Oleh: Moch Rahman Hakim (PMII Bojonegoro)

10 November tapak sejarah yang harus kian terkenang, sehingga menjadi suatu moment yang amat bisa menjadi sebuah teladan dan pematik semangat terhadap generasi ke generasi. Menjadikan kepemudaan ini selalu dapat berpartisipasi dalam setiap hal membangun dan memelihara rasa nasionalis serta rasa ke daerahan Bhineka Tunggal Eka. Keragaman yang harus terjaga demi indonesia, ketika kita mengerti kiyai adalah sebagai pewaris NABI. Maka kita pemuda adalah sebagai pewaris dari Pahlawan. Pemuda dan Pemudi, sahabat dan sahabati ku banyak hal yang harus kita jaga bersama banyak hal yang harus kita perbaiki bersama, jika dulu arek arek Surabaya bisa berapai api hanya dengan pidato Bung Tomo yang keras dan bersemangat. Maka kita pun seharus nya lebih semangat dan gigih dalam meneruskan Kemerdekaan.

Perlu kita ingat sahabat sahabati ku, 10 November 1945 indonesia pernah terbakar semangat dan surabaya menjadi bara api yang kian panas untuk memeprtahankan kemerdekaan pada saat itu. Ketika tanggal 15 September 1945  tentara inggris mendarat di kota jakarta , kemudian mendarat di surabaya tanggal 25 Oktober 1945. Tentara inggris atas nama blok sekutu datang dengan misi untuk melucuti tentara jepang serta memulangkan mereka kembali ke jepang pada saat itu dengan bergabung dalam AFNEI (allied force netherlands east indies). Namun selain dalam misi tugas blok sekutu, mereka datang juga membawa misi lain. Yaitu mengembalikan indonesia pada administrasi pemerintahan belanda sebagai negeri  jajahan Hindia Belanda dan NICA (netherlands indies civil administration) juga ikut membonceng pada inggris dengan maksud dan tujuan yang sama, untuk menguasai  administrasi pemerintahan.

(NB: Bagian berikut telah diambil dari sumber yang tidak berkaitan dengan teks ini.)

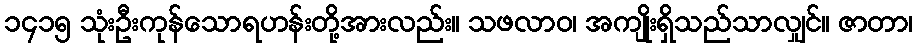
၁၄၁၅ သုံးဦးကုန်သောရဟန်းတို့အားလည်း။ သဖလာဝ၊ အကျိုးရှိသည်သာလျှင်။ ဇာတာ၊
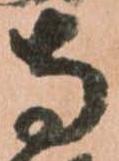
寺

Pada tanggal 27 Oktober 1945 meletus lah pertempuran pertempuran pertama anatara indonesia melawan tentara inggris, dari serangan serangan kecil berubah menjadi serangan yang besar yang memakan banyak korban jiwa dari kedua belah pihak. Perang dan perang ini terus berlanjut sampai pada tanggal 29 Oktober 1945 di tandatangani gencatan senjata anatara pihak indonesia dan tentara Inggris, keadaan berangsur reda namun tetap saja bentrokan senjata antara rakyat dan tentara inggris itu berlangsung. 30 Oktober 1945 Dan ketika saat itu brigadir jendral mallaby (pimpinan tentara inggris bagian Jawa Timur) terbunuh dalam insiden bentrok baku tembak tersebut. Kematian Mallaby ini menyebabkan kembali marahnya inggris kepada pihak indonesia.

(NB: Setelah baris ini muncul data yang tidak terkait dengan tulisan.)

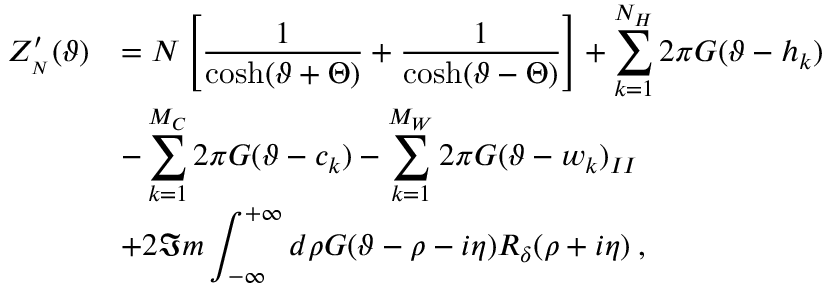
\begin{array} { r l } { { \displaystyle Z _ { _ { N } } ^ { \prime } ( \vartheta ) } } & { { = N \left[ \displaystyle \frac { 1 } { \cosh ( \vartheta + \Theta ) } + \displaystyle \frac { 1 } { \cosh ( \vartheta - \Theta ) } \right] + \displaystyle \sum _ { k = 1 } ^ { N _ { H } } 2 \pi G ( \vartheta - h _ { k } ) } } \\ { { } } & { { - \displaystyle \sum _ { k = 1 } ^ { M _ { C } } 2 \pi G ( \vartheta - c _ { k } ) - \displaystyle \sum _ { k = 1 } ^ { M _ { W } } 2 \pi G ( \vartheta - w _ { k } ) _ { I I } } } \\ { { } } & { { + 2 \Im m \displaystyle \int _ { - \infty } ^ { + \infty } d \rho G ( \vartheta - \rho - i \eta ) { \cal R } _ { \delta } ( \rho + i \eta ) \: , } } \end{array}

Namun peristiwa dari tanggal 15 Oktober sampai 30 Oktober ini tak lepas dari insiden di hotel yamato tunjungan surabaya. 1 September pengibaran bendera sang saka merah putih di seluruh pelosok kota surabaya dan indonesia. Namun sekelompok orang Belanda di bawah pimpinan MR. W . V. CH . PLOEGMAN pada malam hari pukul 21.00 WIB 18 september 1945 dengan berani mengibarkan bendera belanda (merah putih biru) di tiang teratas hotel Yamato. Dan ke esokan harinya para Pemuda Surabaya melihat dan menjadi geram sehingga terjadilah insiden penyobekan bendera milik Belanda. Sahabat sahabati dari rangkain peristiwa tersebut sampailah pada ultimatume 10 November 1945 untuk meminta Indonesia menyerahkan senjata dan menghentikan perlawanan pada tentara AFNEI dan administrasi NICA. Ketika pahlawan dan Surabaya yang berpai api karena imprealisme yang mencoba di bangun oleh penjajah saat itu.

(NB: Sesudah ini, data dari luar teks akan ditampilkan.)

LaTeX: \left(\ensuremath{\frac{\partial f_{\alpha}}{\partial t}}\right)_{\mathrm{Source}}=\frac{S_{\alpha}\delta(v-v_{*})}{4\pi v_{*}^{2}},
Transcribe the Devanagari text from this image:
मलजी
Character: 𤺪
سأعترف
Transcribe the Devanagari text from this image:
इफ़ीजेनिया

Namun kenapa saat ini kita begitu nyaman dengan keadaan yang sama dengan penguasaan ekonomi, teknologi dan bahkan pertanian pun harus bergantung pada negara asing.  Mari pemuda kita rebut kembali simpul simpul kekuasaan itu, marilah kita merasa malu pemuda. Dan tutupi rasa malu itu dengan apa yang kau lakukan untuk Bangsamu, Pahlawanmu, Anakmu, Cucumu dan Generasi yang akan datang. Setiap masa ada orang nya dan setiap orang ada masa nya, dan ini lah pemuda. Ini adalah masa kita bersama untuk selalu bergerak dan bergerak dan berkontribusi penuh pada bangsa ini. Jangan sampai kita tergilas oleh sang waktu, mari kita gilas sang waktu oleh karya-karya besar kita, Pemuda. Sehingga bagaimana karya-karya itu dapat berdayaguna bagi Agama, Nusa dan Bangsa. SEKIAN !!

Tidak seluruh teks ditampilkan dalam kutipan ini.